Ма-масенька, па-пасенька,

Позалуйте ру-цку...

Все мы развеселились, будто театр у нас. Отец расшалился, сорвал парик, и все пуще еще развеселились:

– А вот и ощипанный гусенок!

Отец ездил еще окачиваться. Стал ездить и на стройки, а вернувшись, ложился в кабинете и просил мокрое полотенце на голову: тяжело было в голове, кружилось. Приезжал Клин, сердился, что так нельзя, и прописывал микстуру и порошки. А отец, чуть голове получше, приказывал подать шарабан и уезжал по делам.

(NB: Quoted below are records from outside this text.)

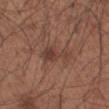The lesion was photographed on a routine skin check and not biopsied; there is no pathology result. This image is a 15 mm lesion crop taken from a total-body photograph. The tile uses white-light illumination. About 4.5 mm across. An algorithmic analysis of the crop reported an area of roughly 7 mm² and a shape eccentricity near 0.85. The analysis additionally found a lesion color around L≈40 a*≈20 b*≈25 in CIELAB, a lesion–skin lightness drop of about 7, and a lesion-to-skin contrast of about 6.5 (normalized; higher = more distinct). The software also gave a classifier nevus-likeness of about 35/100 and a lesion-detection confidence of about 100/100. The lesion is on the left forearm. A male subject, roughly 55 years of age.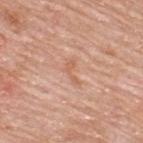  biopsy_status: not biopsied; imaged during a skin examination
  lesion_size:
    long_diameter_mm_approx: 3.0
  automated_metrics:
    nevus_likeness_0_100: 0
    lesion_detection_confidence_0_100: 100
  image:
    source: total-body photography crop
    field_of_view_mm: 15
  site: back
  lighting: white-light
  patient:
    sex: male
    age_approx: 80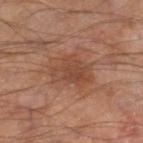The lesion was tiled from a total-body skin photograph and was not biopsied. About 5 mm across. The tile uses cross-polarized illumination. A male patient, in their mid- to late 60s. The lesion-visualizer software estimated a lesion color around L≈44 a*≈21 b*≈29 in CIELAB, roughly 7 lightness units darker than nearby skin, and a lesion-to-skin contrast of about 6 (normalized; higher = more distinct). Cropped from a whole-body photographic skin survey; the tile spans about 15 mm. The lesion is on the leg.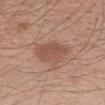Impression: Part of a total-body skin-imaging series; this lesion was reviewed on a skin check and was not flagged for biopsy. Clinical summary: The lesion is on the left forearm. A male patient, approximately 60 years of age. Cropped from a total-body skin-imaging series; the visible field is about 15 mm.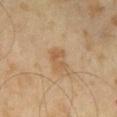| feature | finding |
|---|---|
| follow-up | catalogued during a skin exam; not biopsied |
| size | ≈2.5 mm |
| image | ~15 mm tile from a whole-body skin photo |
| patient | male, aged 63 to 67 |
| image-analysis metrics | a mean CIELAB color near L≈55 a*≈17 b*≈35, roughly 7 lightness units darker than nearby skin, and a lesion-to-skin contrast of about 5.5 (normalized; higher = more distinct); a classifier nevus-likeness of about 15/100 and a detector confidence of about 100 out of 100 that the crop contains a lesion |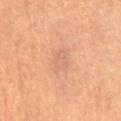biopsy_status: not biopsied; imaged during a skin examination
site: mid back
lighting: cross-polarized
automated_metrics:
  area_mm2_approx: 5.5
  eccentricity: 0.7
  vs_skin_darker_L: 5.0
  vs_skin_contrast_norm: 4.5
  color_variation_0_10: 1.5
  peripheral_color_asymmetry: 0.5
  nevus_likeness_0_100: 0
  lesion_detection_confidence_0_100: 100
patient:
  sex: female
  age_approx: 70
lesion_size:
  long_diameter_mm_approx: 3.0
image:
  source: total-body photography crop
  field_of_view_mm: 15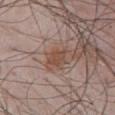  biopsy_status: not biopsied; imaged during a skin examination
  lighting: white-light
  image:
    source: total-body photography crop
    field_of_view_mm: 15
  automated_metrics:
    vs_skin_darker_L: 8.0
    vs_skin_contrast_norm: 7.0
    border_irregularity_0_10: 3.5
    color_variation_0_10: 2.0
    peripheral_color_asymmetry: 1.0
  site: chest
  lesion_size:
    long_diameter_mm_approx: 3.5
  patient:
    sex: male
    age_approx: 55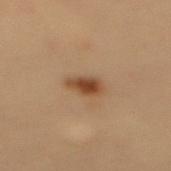Captured during whole-body skin photography for melanoma surveillance; the lesion was not biopsied. This is a cross-polarized tile. The lesion is located on the mid back. A region of skin cropped from a whole-body photographic capture, roughly 15 mm wide. A female subject, aged 38 to 42. The recorded lesion diameter is about 3 mm.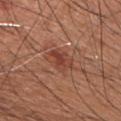  biopsy_status: not biopsied; imaged during a skin examination
  lighting: white-light
  image:
    source: total-body photography crop
    field_of_view_mm: 15
  patient:
    sex: male
    age_approx: 60
  site: chest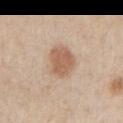Automated tile analysis of the lesion measured about 11 CIELAB-L* units darker than the surrounding skin and a normalized lesion–skin contrast near 7.5.
The recorded lesion diameter is about 4 mm.
The lesion is located on the left upper arm.
A male subject, aged approximately 60.
Cropped from a total-body skin-imaging series; the visible field is about 15 mm.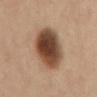This lesion was catalogued during total-body skin photography and was not selected for biopsy. Automated image analysis of the tile measured a border-irregularity rating of about 1.5/10 and peripheral color asymmetry of about 2. Longest diameter approximately 6.5 mm. Located on the mid back. A female patient roughly 45 years of age. A region of skin cropped from a whole-body photographic capture, roughly 15 mm wide.

Когда матушка удерживала, он раздражительно кричал: “дураки ваши доктора, разлеживаться мне хуже!..”

Как-то, раным-рано, не пивши чаю, велел оседлать Кавказку и поскакал на стройки. Я не видал, как он выехал, – спал еще. На стройках стало ему дурно, чуть не упал с лесов. Его привез на извозчике Василь-Василич.

Помню, он поднимался по лестнице: лицо его было желтоватое, он едва подымался, его поддерживали.

– Туда... в кабинет... – сказал он едва слышно, махнув рукой, – вот те и “лучше”. Видно, отлеживаться надо.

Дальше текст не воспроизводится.